= Herb-induced liver injury =

Medical condition

Herb-induced liver injury (HILI) is a form of drug-induced liver injury caused by herbal medicines, typically herbal supplements or herb-based ethnomedicines.

== Prevalence ==

Herbs are a common component of ethnomedicines and their potential hepatotoxicity is a concern for people taking such medicines or other herbal supplements.
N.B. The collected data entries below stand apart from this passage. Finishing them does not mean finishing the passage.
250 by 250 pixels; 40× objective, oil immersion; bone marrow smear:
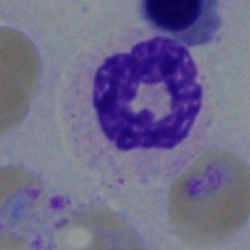 Single cell identified as a polymorphonuclear neutrophil.
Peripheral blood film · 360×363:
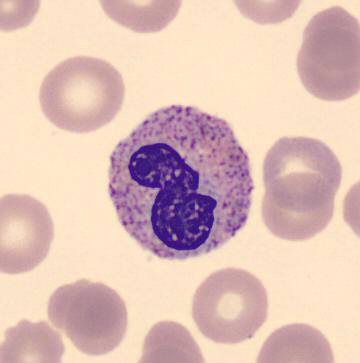 Band-form neutrophil.
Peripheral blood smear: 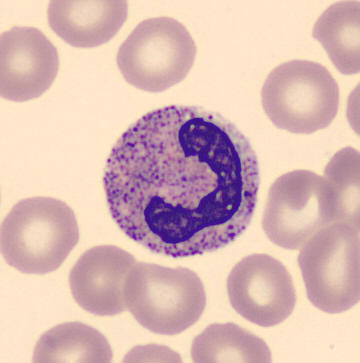
Classification: band-form neutrophil.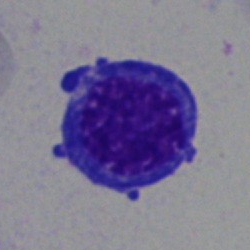
Q: What is shown here?
A: A normoblast.
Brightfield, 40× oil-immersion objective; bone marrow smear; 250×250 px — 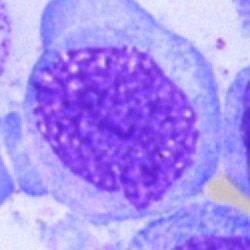 Morphological class = blast.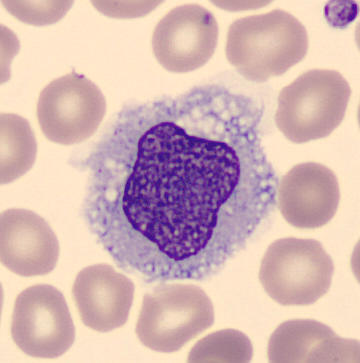
Cell — monocyte.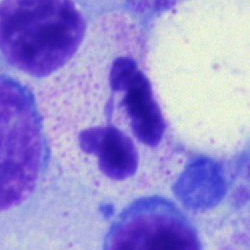 Specimen: bone marrow smear.
Morphological class: neutrophil (segmented).
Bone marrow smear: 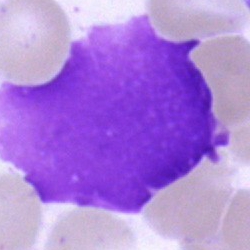Showing an artifact.
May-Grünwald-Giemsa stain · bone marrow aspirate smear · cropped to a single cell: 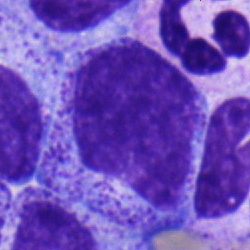 Morphological class — myelocyte.
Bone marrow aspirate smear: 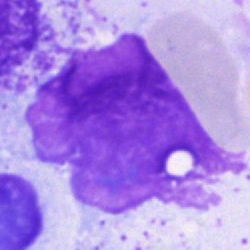Impression — artifact.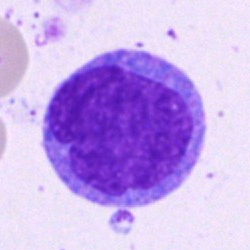

Specimen: bone marrow aspirate smear.
Cell type: neutrophil (band).
Lineage: myeloid.

Use of such products is widespread within Ayurvedic medicine. Although injury from ayurvedic medicines has commonly been blamed on improper adulteration of drugs, a number of preparations can be harmful through direct effects purely because of their herbal ingredients.

== Implicated products ==

- Tinospora cordifolia supplement usage is of concern as the constituent chemicals cause hepatitis. Advocates of ayurveda have attempted to blame adulteration for these effects but investigation has shown the toxicity to result directly from the medicine itself. Supplement use can lead to death or the need for a liver transplant.
- Herbal supplements of Cullen corylifolium are hepatotoxic, as constituent chemicals cause cholestatic hepatitis. People with liver problems or certain other comorbidities are at risk of death from supplement use.
- Turmeric is promoted with numerous claims for health benefit, with little or no supporting evidence. Although of low bioavailability, some supplements boost potency via a variety of preparation techniques. Turmeric supplements are hepatotoxic, and have caused a recorded rise in incidence of liver injury. In Italy, the government has banned any claims of turmeric health benefits and mandated warning for turmeric-based supplements.
- Withania somnifera (ashwagandha) is promoted within ayurveda for numerous claimed benefits which medical science has been unable to confirm. Use of ashwagandha supplements is responsible for a global rise in herb-induced liver injury.